Sebaceous Hyperplasia: Yellowish Bumps With a Dent

If the bumps on your face are yellowish or skin-colored, about 2 to 6 millimeters across, and have a small dent or dimple in the center, they’re likely sebaceous hyperplasia. This is an overgrowth of the oil glands in your skin, not a clogged pore. The central depression gives them a subtle doughnut shape that distinguishes them from other white bumps.

Sebaceous hyperplasia becomes more common with age, particularly in men, because shifting hormone levels cause oil gland cells to multiply rather than turn over normally. These bumps are completely harmless but don’t go away on their own. Dermatologists can treat them with light electrocautery, laser, or cryotherapy if they bother you cosmetically.

Molluscum Contagiosum: Firm, Dipped Bumps That Spread

Molluscum contagiosum is a viral skin infection caused by a poxvirus. It produces small, firm, raised bumps that can appear alone or in clusters anywhere on the body. The signature feature is a visible dip or dimple in the center of each bump. They’re typically flesh-colored to white, smooth, and painless.

Unlike the other conditions on this list, molluscum is contagious. It spreads through direct skin contact or shared towels and surfaces. It’s especially common in children and in adults through sexual contact. In people with healthy immune systems, the bumps typically resolve on their own within 6 to 12 months, though a dermatologist can remove them faster if needed.

Bumps Around the Eyes

The skin around your eyes is thinner than anywhere else on your face, and two additional conditions show up specifically in this area. Syringomas are small, rounded, skin-colored or yellowish bumps (up to 3 millimeters) that cluster on the upper cheeks and lower eyelids. They’re benign growths of the sweat glands and are relatively common, especially in women.

Xanthelasma appears as flat or slightly raised yellowish-white patches on or near the eyelids, often symmetrical on both sides. These are cholesterol deposits under the skin. They don’t affect eyelid function, but they don’t go away on their own either. Xanthelasma can sometimes signal elevated cholesterol levels, so it’s worth mentioning to your doctor even though the patches themselves are harmless.

When a White Bump Needs Attention

Most white bumps are cosmetic annoyances, not medical concerns. But a few features warrant a closer look. A bump that grows steadily over weeks, develops a pearly or translucent border, bleeds without being scratched, or appears as a shiny nodule that won’t heal could be a basal cell carcinoma, the most common form of skin cancer. Basal cell carcinomas often look deceptively innocent, resembling a stubborn pimple or a small scar. Any single bump that changes in size, shape, or color over time, or that looks different from everything else on your skin, is worth having a dermatologist examine.
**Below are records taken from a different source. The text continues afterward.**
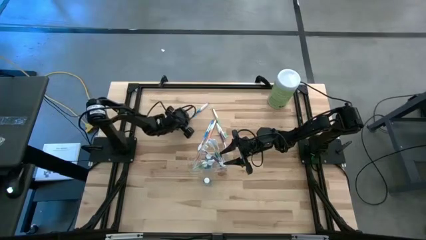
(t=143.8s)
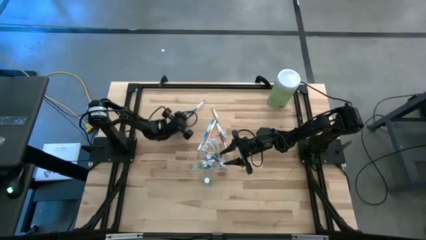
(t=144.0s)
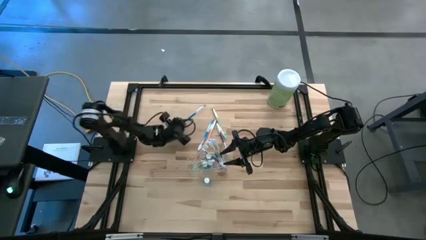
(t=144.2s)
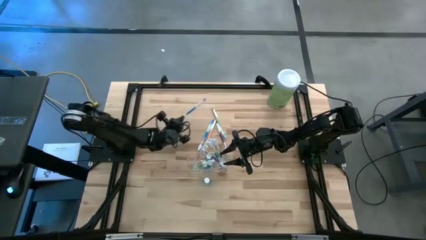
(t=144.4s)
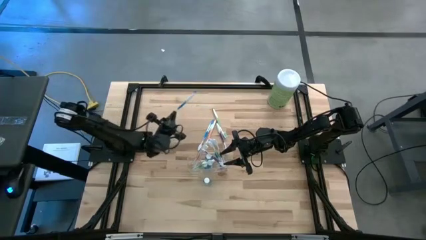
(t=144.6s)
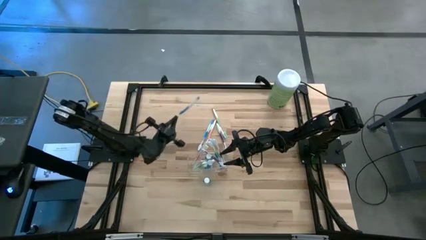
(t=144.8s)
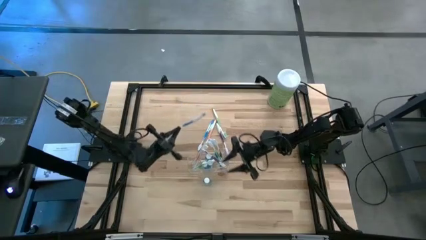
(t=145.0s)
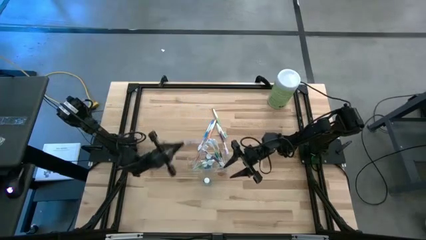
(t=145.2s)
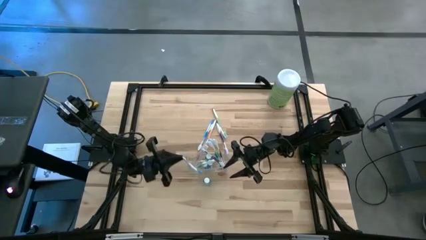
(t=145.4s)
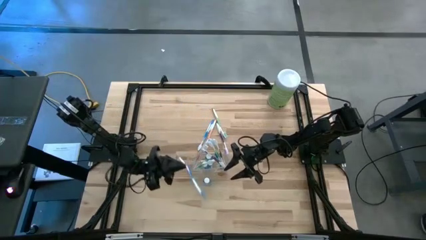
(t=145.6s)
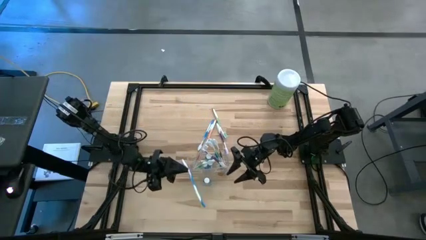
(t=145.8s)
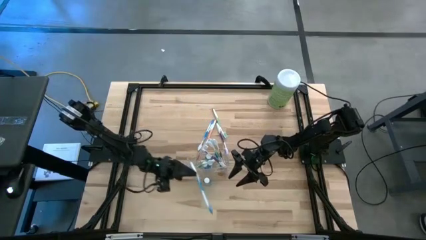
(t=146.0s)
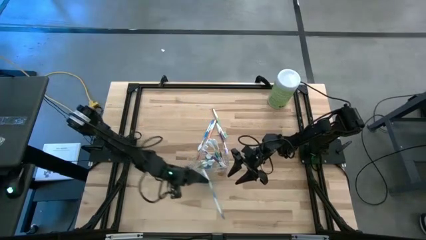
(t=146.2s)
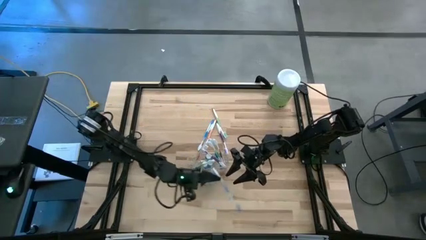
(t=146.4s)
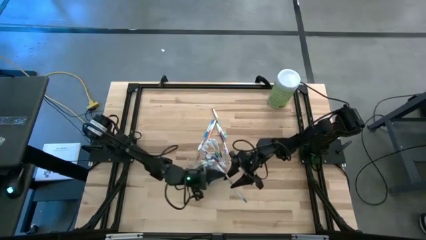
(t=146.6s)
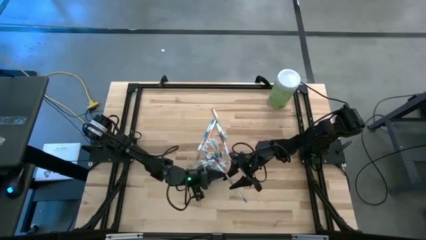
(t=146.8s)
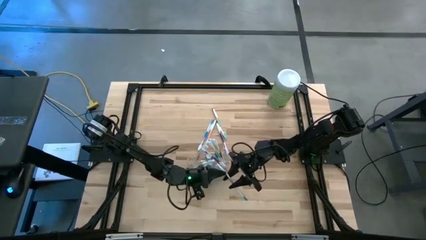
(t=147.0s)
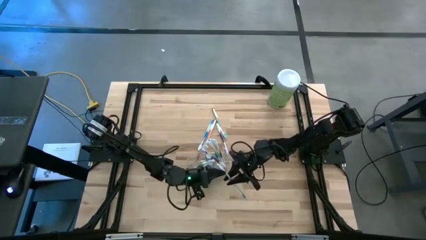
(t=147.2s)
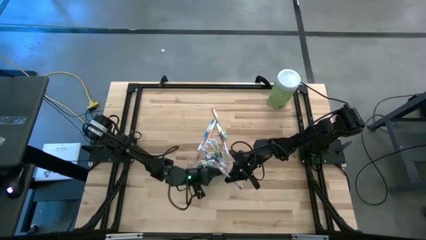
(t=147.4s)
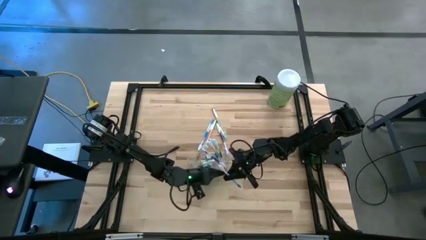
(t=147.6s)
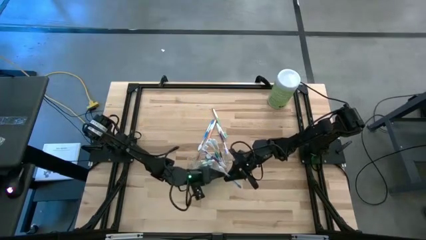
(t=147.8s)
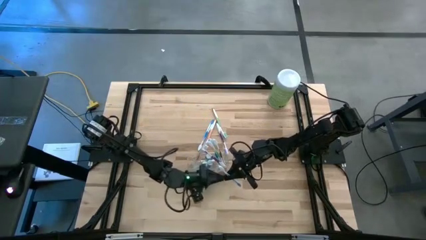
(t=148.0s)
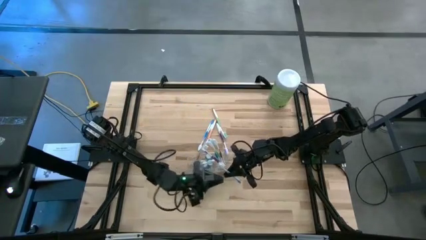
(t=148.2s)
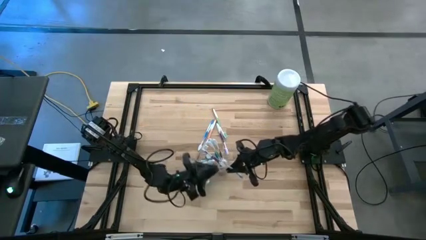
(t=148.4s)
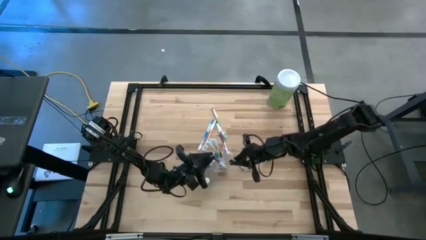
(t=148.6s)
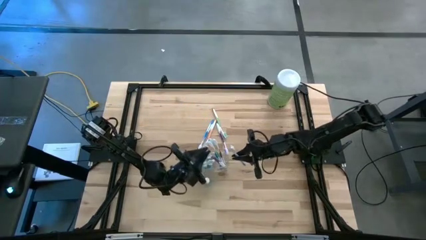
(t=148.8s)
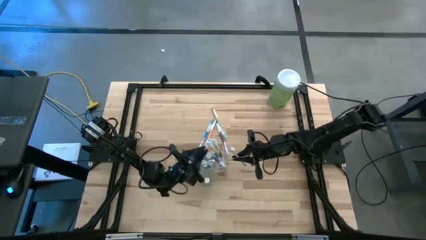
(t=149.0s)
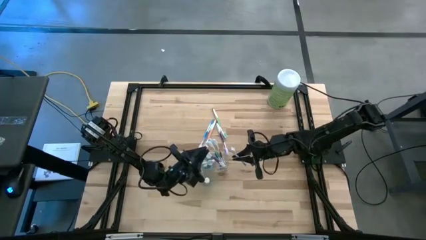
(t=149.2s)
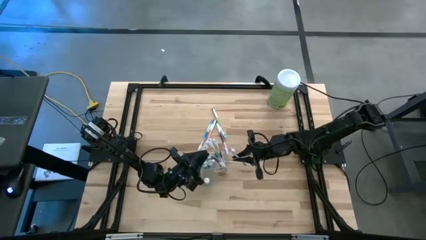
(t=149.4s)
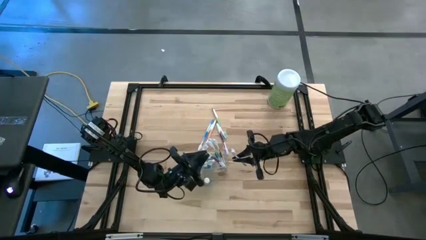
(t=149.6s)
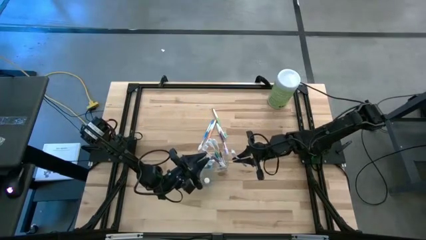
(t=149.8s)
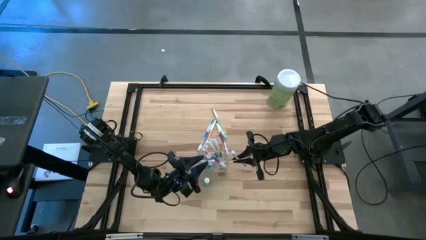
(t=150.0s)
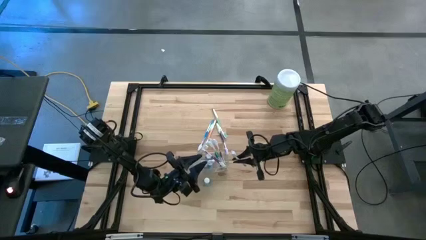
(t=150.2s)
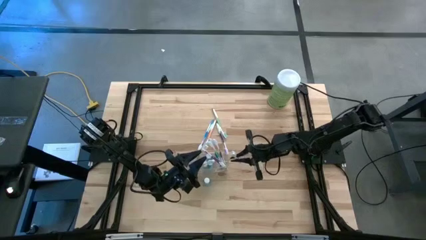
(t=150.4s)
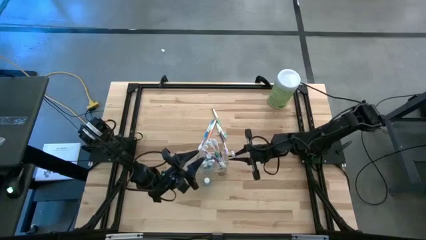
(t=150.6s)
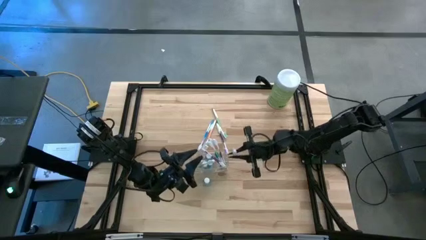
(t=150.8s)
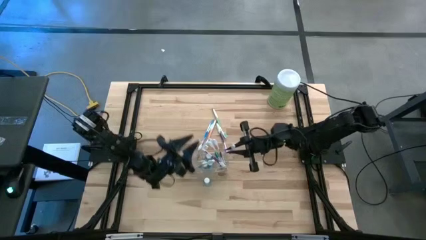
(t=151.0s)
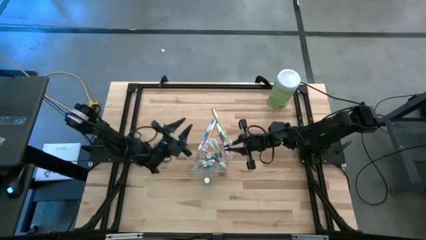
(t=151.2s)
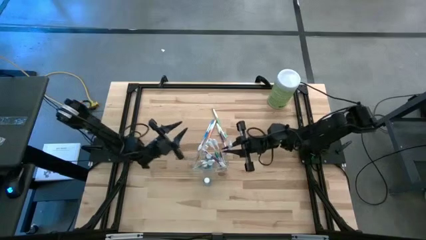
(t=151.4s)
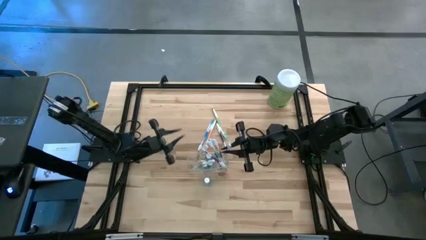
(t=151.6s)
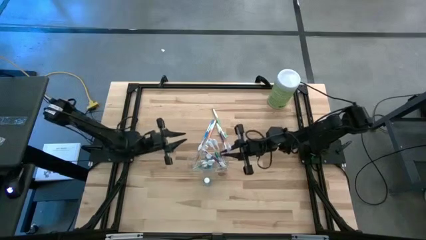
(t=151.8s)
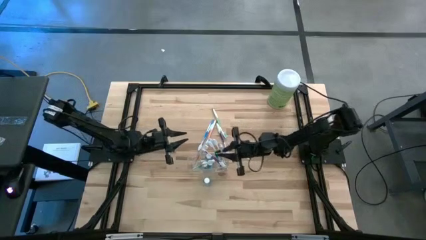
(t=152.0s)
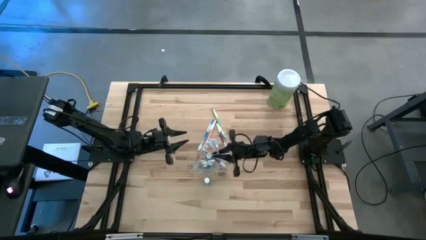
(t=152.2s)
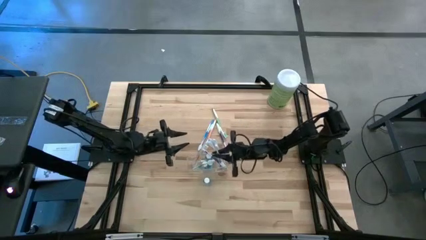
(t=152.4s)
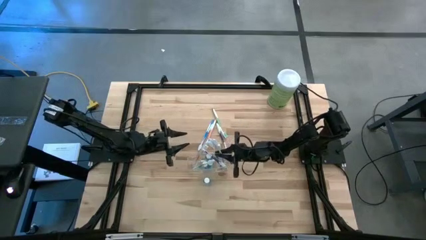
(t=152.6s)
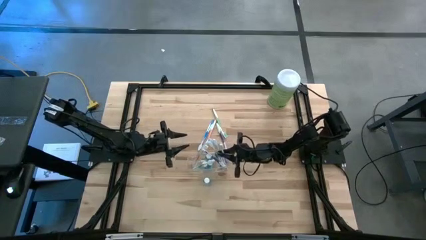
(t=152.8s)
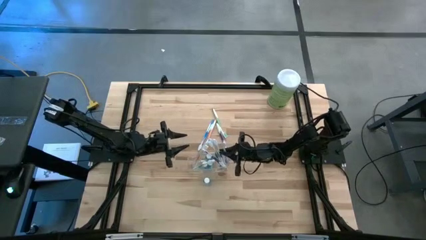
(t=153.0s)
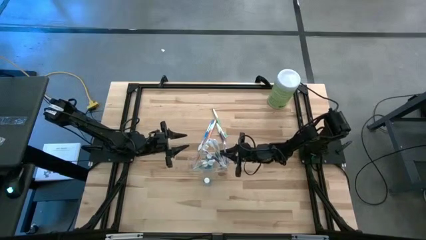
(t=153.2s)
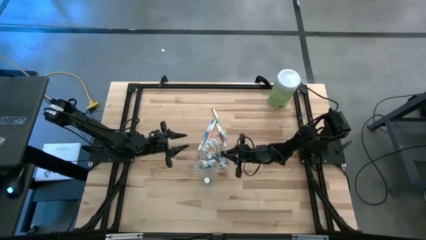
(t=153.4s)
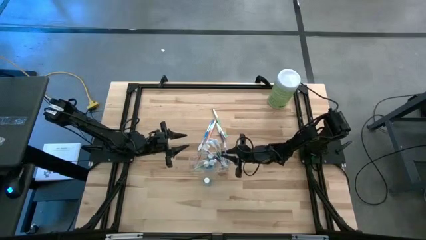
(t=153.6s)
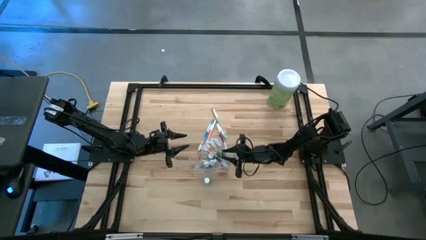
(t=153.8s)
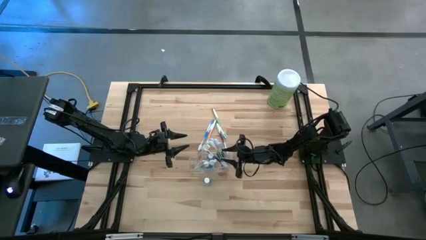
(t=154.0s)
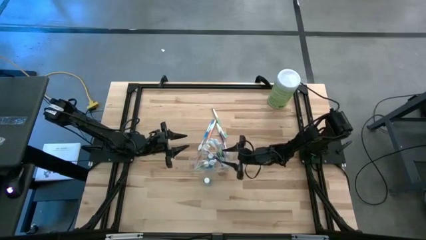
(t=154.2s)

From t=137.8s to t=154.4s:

What You Can Safely Do at Home

For whiteheads and keratosis pilaris, gentle chemical exfoliation is your best tool. Salicylic acid (in cleansers or leave-on treatments) works well for whiteheads. Urea-based creams at 10 to 20% concentration are the strongest evidence-backed option for keratosis pilaris. Apply these consistently for at least four weeks before judging results.

For milia, there’s no effective at-home treatment. Retinol creams may help prevent new ones from forming by increasing skin cell turnover, but they won’t dissolve existing cysts. The one thing to avoid across all types of white bumps is aggressive squeezing or scraping. Milia can’t be popped because the cyst is sealed under the skin. Whiteheads pushed inward seed deeper inflammation. In both cases, you risk trading a temporary bump for a permanent scar.

If you’re unsure what you’re dealing with, the location and texture of the bump narrows it down quickly. Hard and pearly near the eyes is likely milia. Rough and widespread on the arms is keratosis pilaris. Soft with a white tip in an oily zone is a whitehead. Yellowish with a central dimple on the face points to sebaceous hyperplasia. And firm with a central dip that showed up recently, especially if new bumps keep appearing, suggests molluscum contagiosum.